#### [TASK INSTRUCTIONS]
Word for word, set down every line of the entries below from the line with "typeface? A: Sans-serif." to the line with "Q: Stroke contrast? A: Low.", including both, and no other line.

#### [LISTED ENTRIES]
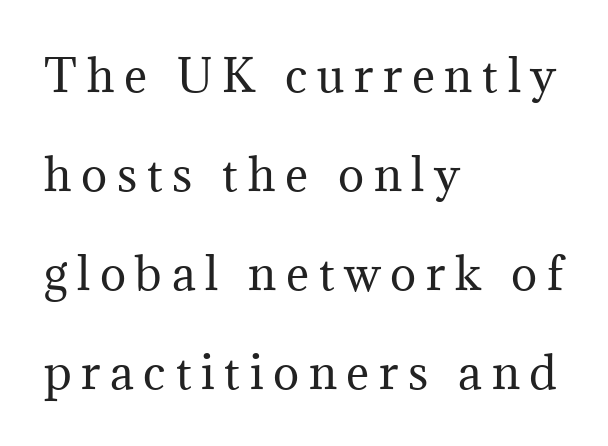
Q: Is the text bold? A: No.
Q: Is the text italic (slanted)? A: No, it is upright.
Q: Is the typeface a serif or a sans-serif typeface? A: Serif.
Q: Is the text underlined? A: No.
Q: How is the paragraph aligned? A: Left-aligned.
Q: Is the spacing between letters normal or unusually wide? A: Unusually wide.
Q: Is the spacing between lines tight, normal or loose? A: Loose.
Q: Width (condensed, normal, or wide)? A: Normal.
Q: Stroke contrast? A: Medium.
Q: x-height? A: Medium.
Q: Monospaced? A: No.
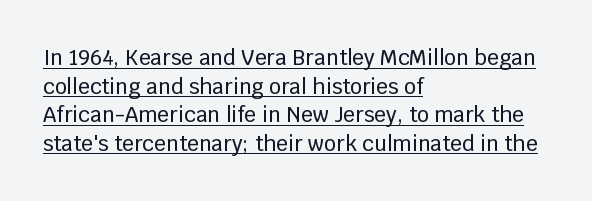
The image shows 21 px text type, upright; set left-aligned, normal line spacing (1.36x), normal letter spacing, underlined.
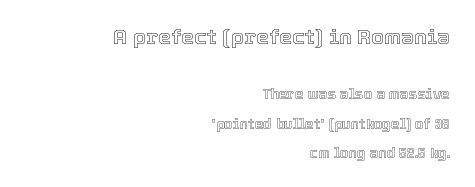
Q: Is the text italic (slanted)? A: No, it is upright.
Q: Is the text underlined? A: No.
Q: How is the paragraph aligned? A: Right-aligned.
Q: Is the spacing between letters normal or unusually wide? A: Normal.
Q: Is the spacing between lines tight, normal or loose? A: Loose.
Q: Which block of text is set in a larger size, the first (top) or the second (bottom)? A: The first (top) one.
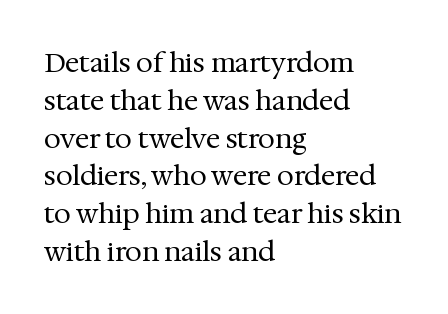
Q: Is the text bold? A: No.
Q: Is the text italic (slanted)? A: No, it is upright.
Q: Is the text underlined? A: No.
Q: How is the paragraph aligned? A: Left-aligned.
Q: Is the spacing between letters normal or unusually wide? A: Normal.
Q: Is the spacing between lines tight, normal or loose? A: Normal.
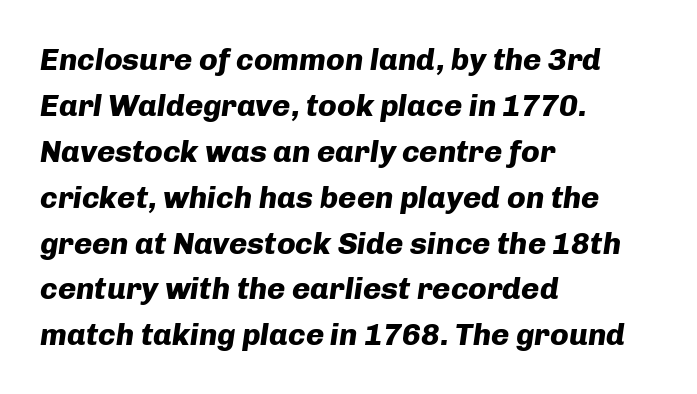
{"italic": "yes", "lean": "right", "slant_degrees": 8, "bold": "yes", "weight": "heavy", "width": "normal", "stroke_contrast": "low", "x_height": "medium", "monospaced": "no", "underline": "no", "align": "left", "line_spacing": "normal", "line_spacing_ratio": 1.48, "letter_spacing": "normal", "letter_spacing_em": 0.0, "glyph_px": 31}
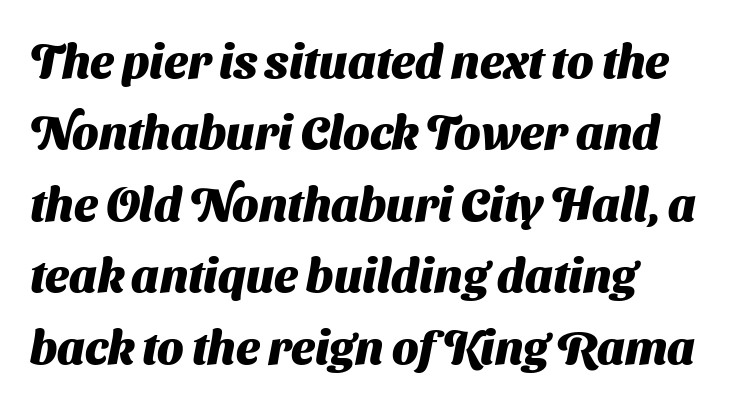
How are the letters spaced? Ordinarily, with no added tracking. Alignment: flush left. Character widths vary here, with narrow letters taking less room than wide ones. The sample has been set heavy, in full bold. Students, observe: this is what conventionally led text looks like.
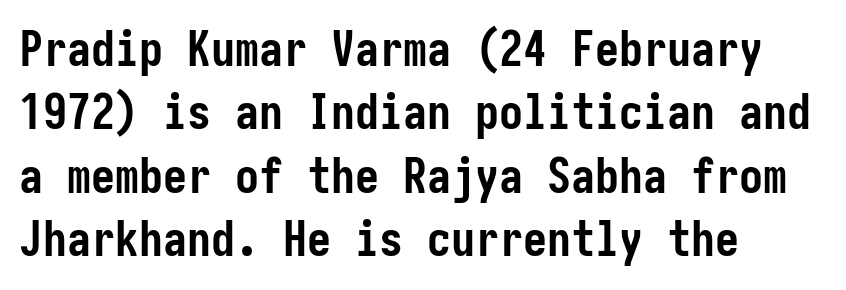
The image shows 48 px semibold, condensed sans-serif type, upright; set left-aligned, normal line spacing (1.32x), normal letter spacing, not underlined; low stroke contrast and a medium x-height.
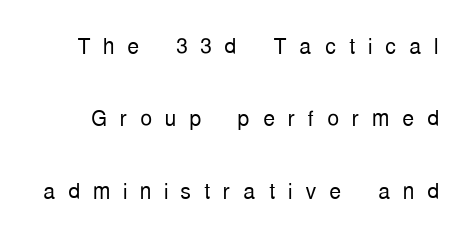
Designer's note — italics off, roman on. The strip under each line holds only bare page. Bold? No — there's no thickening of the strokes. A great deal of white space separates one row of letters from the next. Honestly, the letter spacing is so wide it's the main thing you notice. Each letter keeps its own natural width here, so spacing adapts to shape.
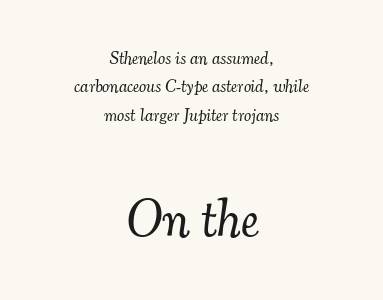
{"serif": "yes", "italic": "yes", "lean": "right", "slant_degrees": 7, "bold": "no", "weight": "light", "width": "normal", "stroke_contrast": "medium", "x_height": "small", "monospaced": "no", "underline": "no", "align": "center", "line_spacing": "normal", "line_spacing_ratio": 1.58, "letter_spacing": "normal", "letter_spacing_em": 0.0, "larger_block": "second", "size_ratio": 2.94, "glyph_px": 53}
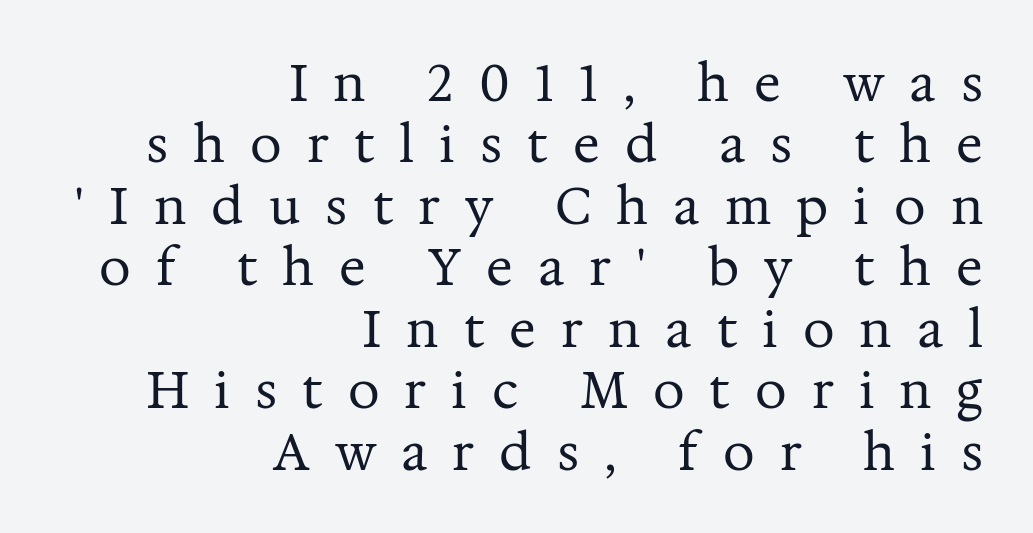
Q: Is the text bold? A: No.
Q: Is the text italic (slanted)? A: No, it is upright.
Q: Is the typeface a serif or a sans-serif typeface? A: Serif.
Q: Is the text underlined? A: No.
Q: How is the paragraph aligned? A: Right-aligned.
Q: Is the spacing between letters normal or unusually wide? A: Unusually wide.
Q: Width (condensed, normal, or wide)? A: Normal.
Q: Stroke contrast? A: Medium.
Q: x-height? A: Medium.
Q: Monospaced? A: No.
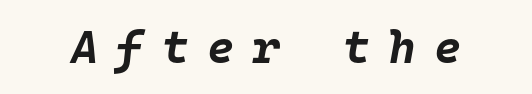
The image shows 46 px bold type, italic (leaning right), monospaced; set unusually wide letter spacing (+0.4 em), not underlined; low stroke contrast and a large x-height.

---

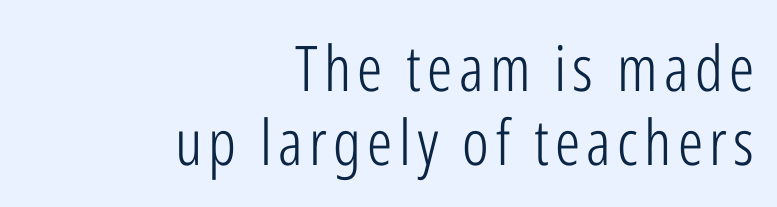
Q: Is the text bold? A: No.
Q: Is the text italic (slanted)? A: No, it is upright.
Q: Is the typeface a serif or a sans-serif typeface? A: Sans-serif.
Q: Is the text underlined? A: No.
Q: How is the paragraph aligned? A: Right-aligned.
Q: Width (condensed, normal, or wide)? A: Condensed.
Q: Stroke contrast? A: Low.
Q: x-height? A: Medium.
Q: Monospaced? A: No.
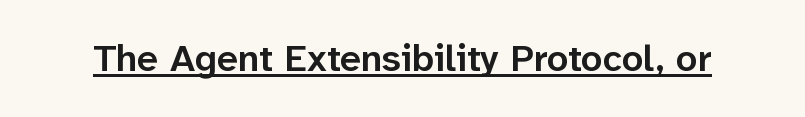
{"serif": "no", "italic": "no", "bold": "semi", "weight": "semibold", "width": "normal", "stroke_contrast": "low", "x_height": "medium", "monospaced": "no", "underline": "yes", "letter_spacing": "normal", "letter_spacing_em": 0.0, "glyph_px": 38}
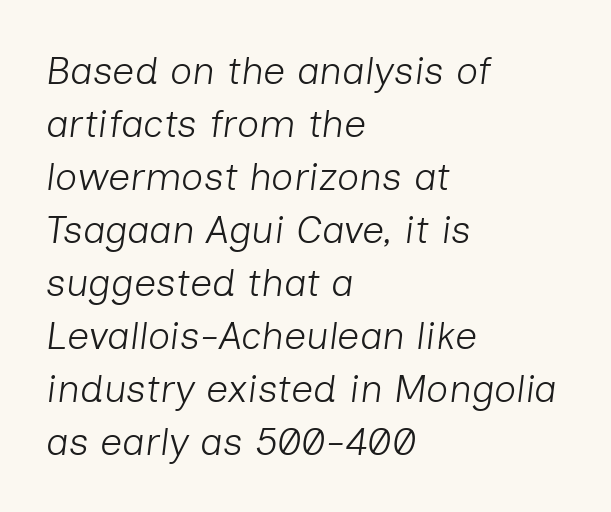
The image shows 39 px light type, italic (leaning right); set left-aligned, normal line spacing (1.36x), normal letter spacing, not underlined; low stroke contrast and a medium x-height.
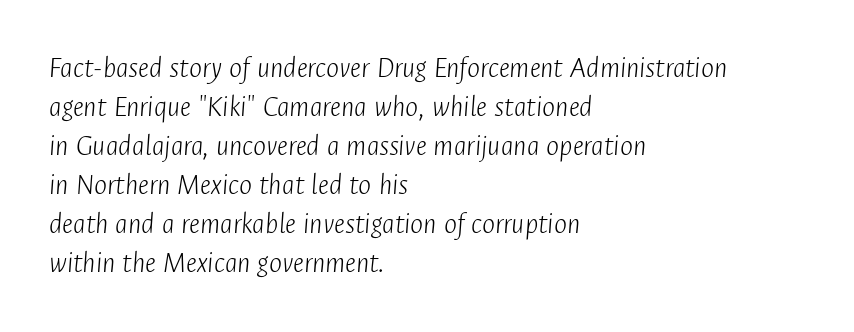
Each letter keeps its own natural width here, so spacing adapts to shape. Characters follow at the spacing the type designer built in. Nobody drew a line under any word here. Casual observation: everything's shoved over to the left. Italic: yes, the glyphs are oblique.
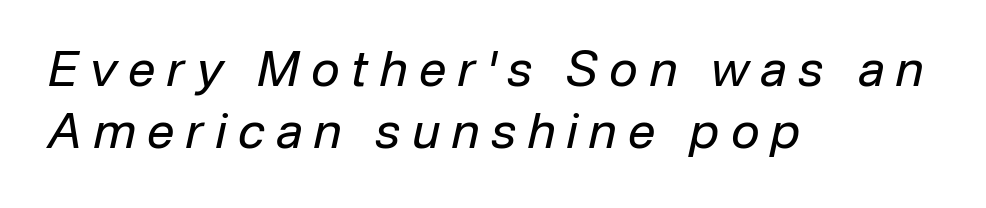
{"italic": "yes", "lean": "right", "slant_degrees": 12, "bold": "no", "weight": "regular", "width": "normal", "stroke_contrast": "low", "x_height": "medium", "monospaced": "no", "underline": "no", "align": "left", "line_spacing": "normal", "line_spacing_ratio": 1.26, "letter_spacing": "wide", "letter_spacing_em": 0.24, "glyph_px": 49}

...

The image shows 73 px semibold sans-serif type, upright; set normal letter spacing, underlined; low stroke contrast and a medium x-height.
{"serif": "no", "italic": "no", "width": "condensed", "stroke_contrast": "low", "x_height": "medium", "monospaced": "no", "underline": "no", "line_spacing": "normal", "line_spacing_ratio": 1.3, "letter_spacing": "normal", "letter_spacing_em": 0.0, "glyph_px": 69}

#### [WRITTEN REPLY]
Q: Is the typeface a serif or a sans-serif typeface? A: Sans-serif.
Q: Is the text underlined? A: No.
Q: How is the paragraph aligned? A: Right-aligned.
Q: Width (condensed, normal, or wide)? A: Condensed.
Q: Stroke contrast? A: Low.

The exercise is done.